= The task =
Set down exactly the lines below, starting at the one that contains "Structured radiology findings" and ending at the one that contains "Pleural effusion, left: 0", with both of those lines included and nothing else.

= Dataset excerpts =
—————
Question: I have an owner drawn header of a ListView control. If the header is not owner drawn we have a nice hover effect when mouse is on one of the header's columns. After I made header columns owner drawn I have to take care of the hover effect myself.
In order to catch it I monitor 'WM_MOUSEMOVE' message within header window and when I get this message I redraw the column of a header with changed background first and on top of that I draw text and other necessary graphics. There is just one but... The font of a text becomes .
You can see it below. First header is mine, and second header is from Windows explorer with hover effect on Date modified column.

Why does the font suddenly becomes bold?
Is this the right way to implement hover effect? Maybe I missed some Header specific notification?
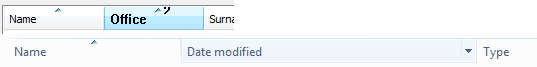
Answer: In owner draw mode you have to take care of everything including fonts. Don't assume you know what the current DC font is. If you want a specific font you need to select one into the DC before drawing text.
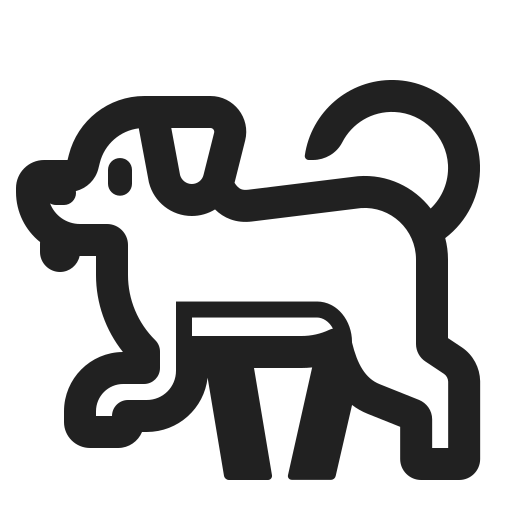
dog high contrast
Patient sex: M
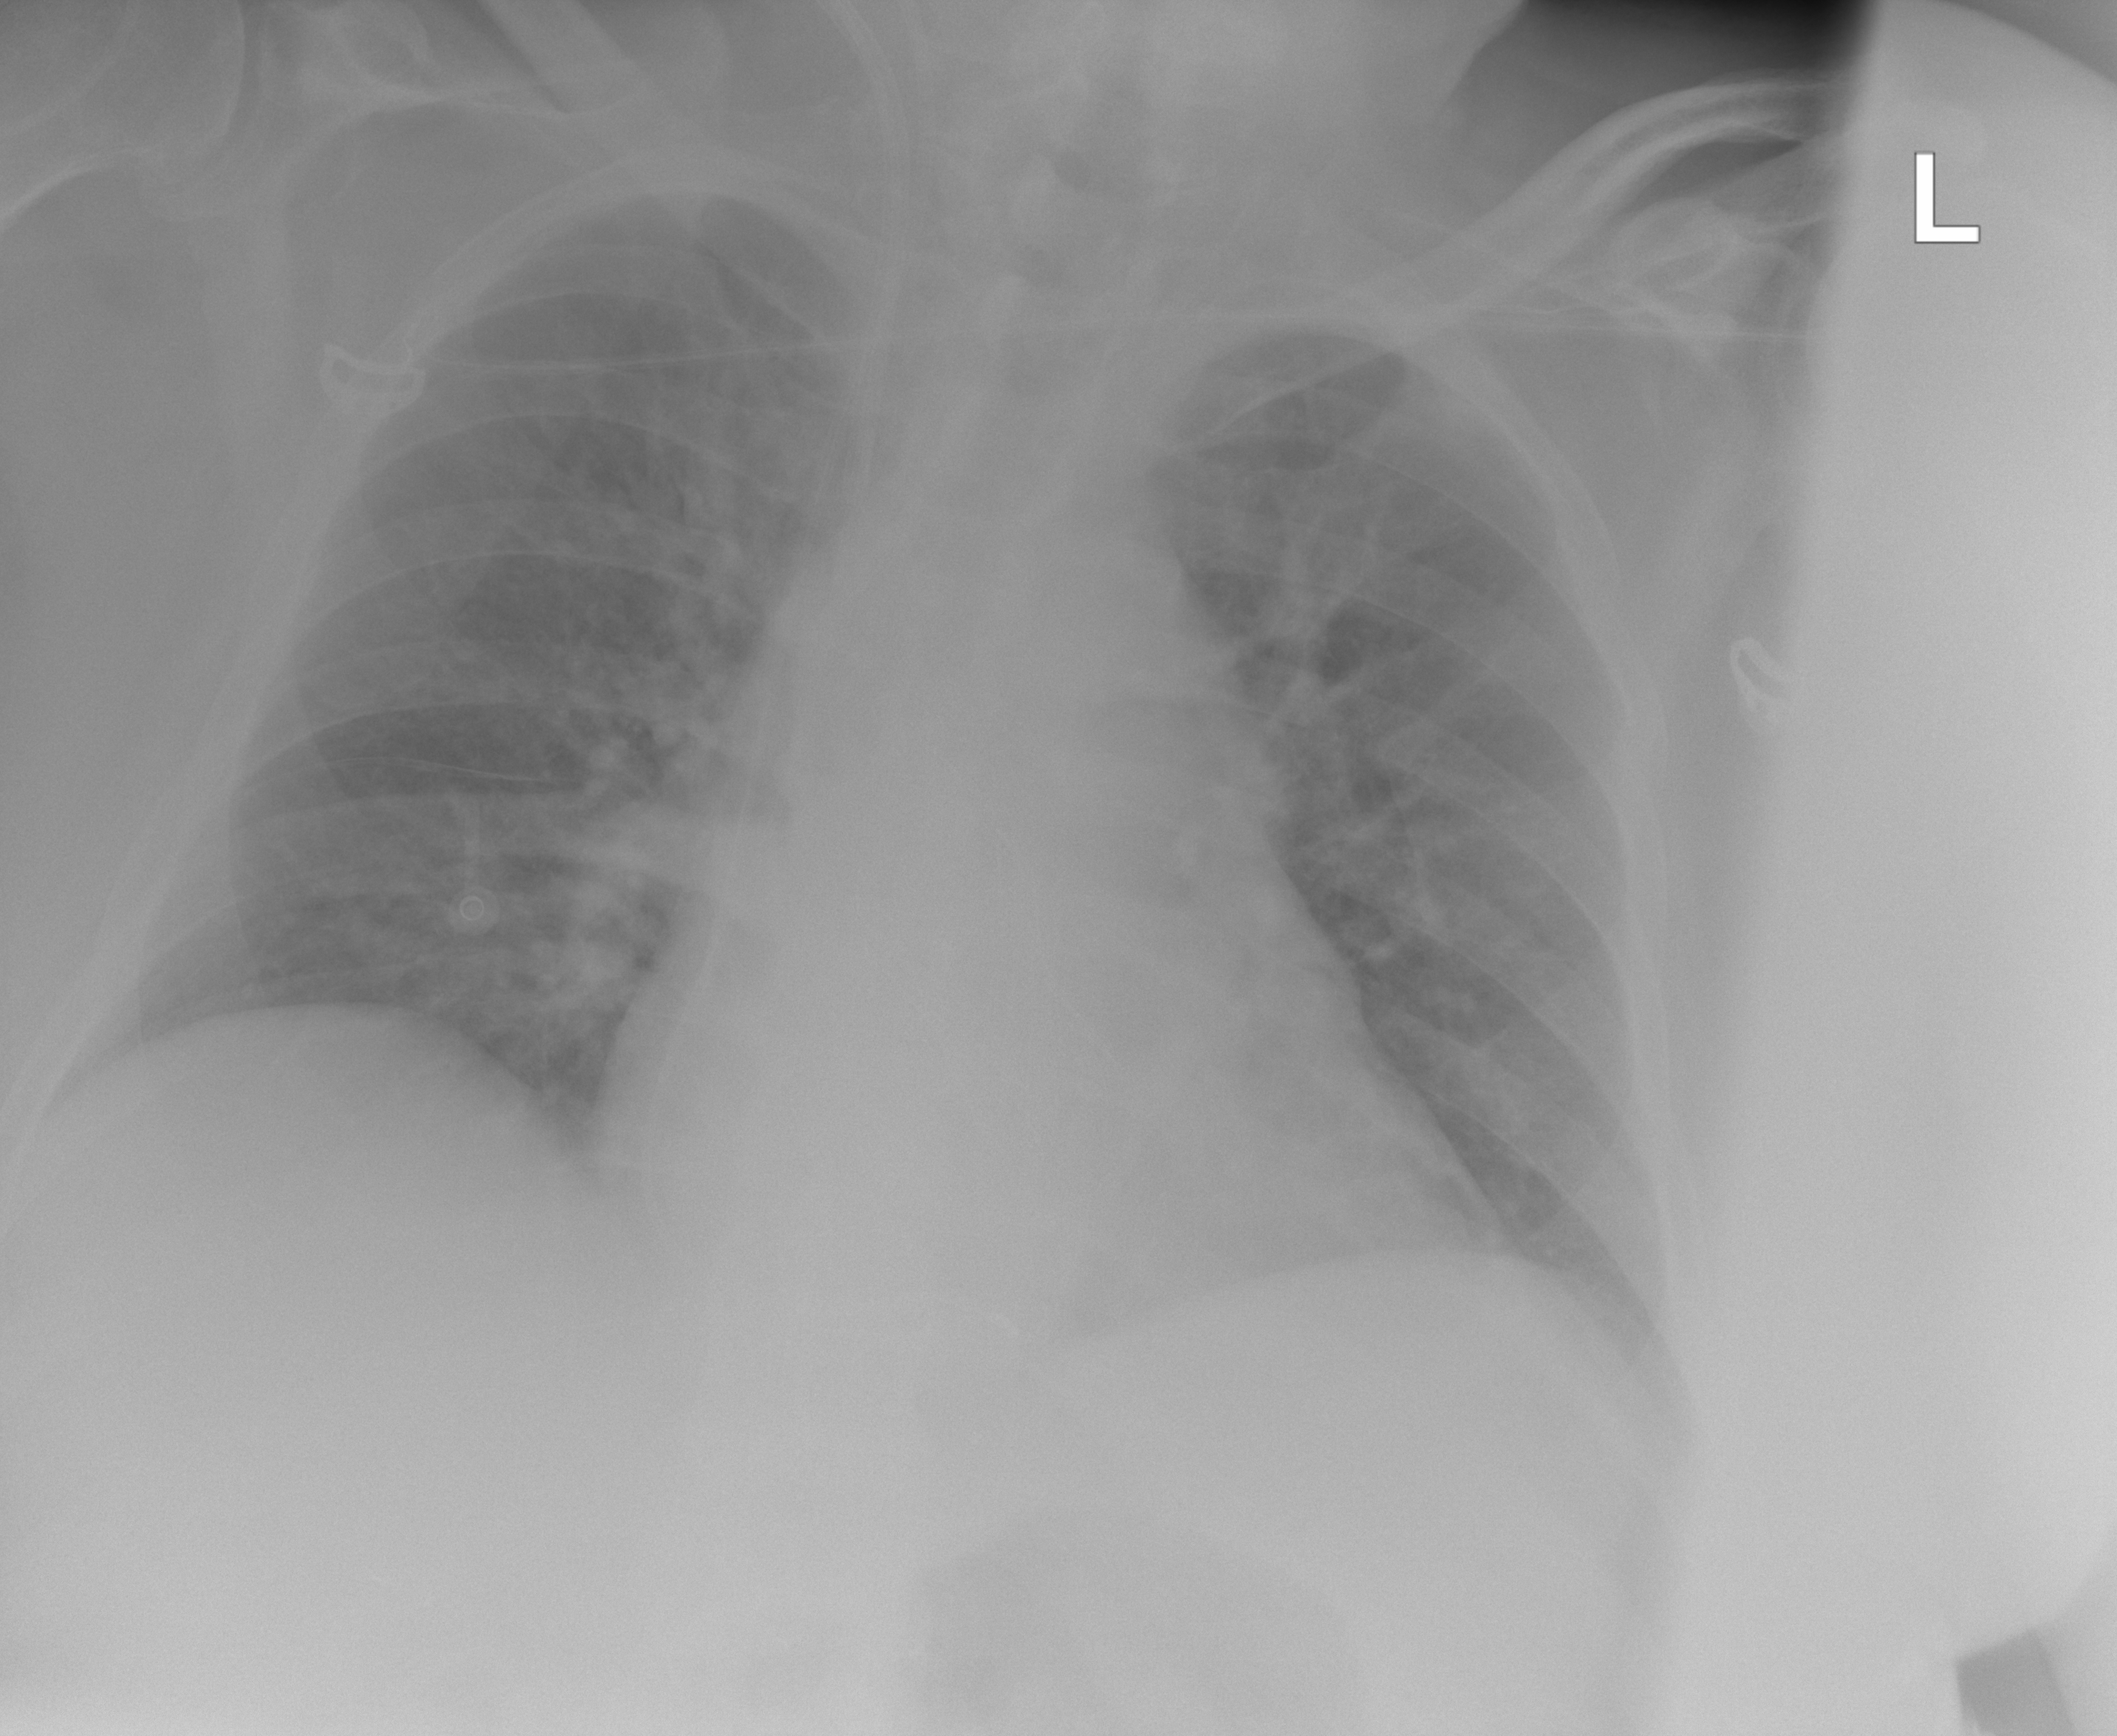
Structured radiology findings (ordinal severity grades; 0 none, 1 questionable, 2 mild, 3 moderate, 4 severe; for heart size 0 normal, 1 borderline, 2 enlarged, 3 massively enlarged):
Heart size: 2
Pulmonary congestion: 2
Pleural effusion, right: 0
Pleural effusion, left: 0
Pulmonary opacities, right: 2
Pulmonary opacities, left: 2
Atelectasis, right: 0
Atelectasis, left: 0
—————
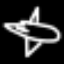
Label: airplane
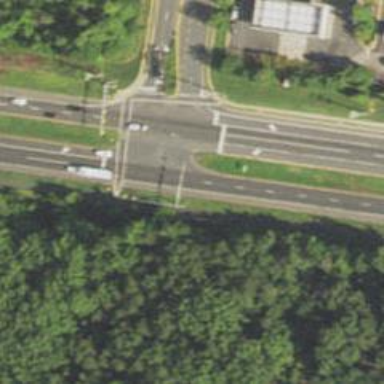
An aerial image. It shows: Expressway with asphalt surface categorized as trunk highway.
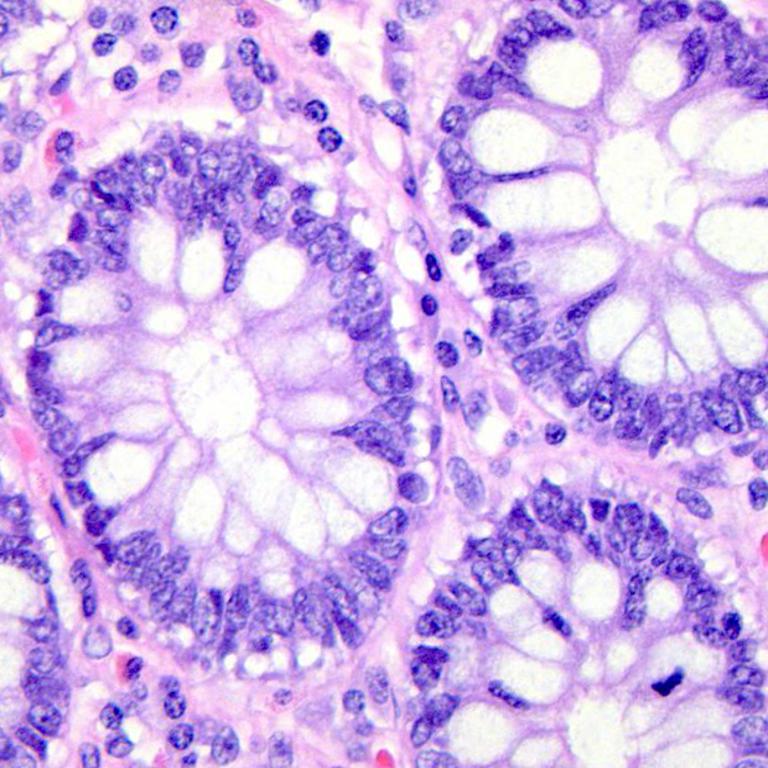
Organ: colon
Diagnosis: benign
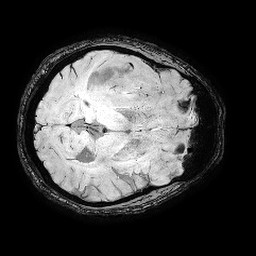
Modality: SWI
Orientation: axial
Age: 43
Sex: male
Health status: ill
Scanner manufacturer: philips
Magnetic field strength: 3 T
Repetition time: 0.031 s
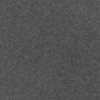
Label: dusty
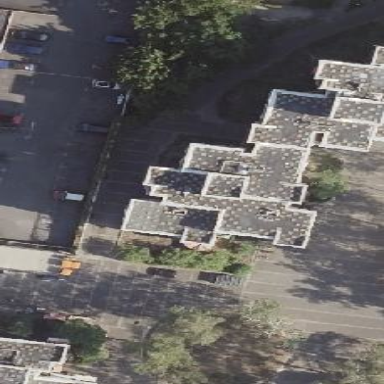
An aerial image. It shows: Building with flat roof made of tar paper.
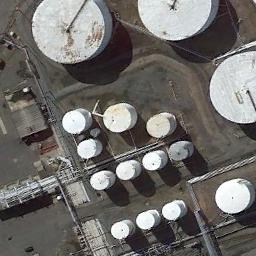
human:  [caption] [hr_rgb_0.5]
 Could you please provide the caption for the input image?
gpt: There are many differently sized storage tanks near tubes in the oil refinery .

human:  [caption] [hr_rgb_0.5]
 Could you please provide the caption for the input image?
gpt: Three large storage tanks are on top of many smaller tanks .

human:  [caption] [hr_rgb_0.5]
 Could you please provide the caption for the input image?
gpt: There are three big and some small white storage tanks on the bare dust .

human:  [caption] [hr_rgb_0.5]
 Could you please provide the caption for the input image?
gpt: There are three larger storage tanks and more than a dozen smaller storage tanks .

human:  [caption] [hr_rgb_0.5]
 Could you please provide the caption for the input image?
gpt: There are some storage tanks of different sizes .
—————
= Solution for this problem =
Structured radiology findings (ordinal severity grades; 0 none, 1 questionable, 2 mild, 3 moderate, 4 severe; for heart size 0 normal, 1 borderline, 2 enlarged, 3 massively enlarged):
Heart size: 2
Pulmonary congestion: 2
Pleural effusion, right: 0
Pleural effusion, left: 0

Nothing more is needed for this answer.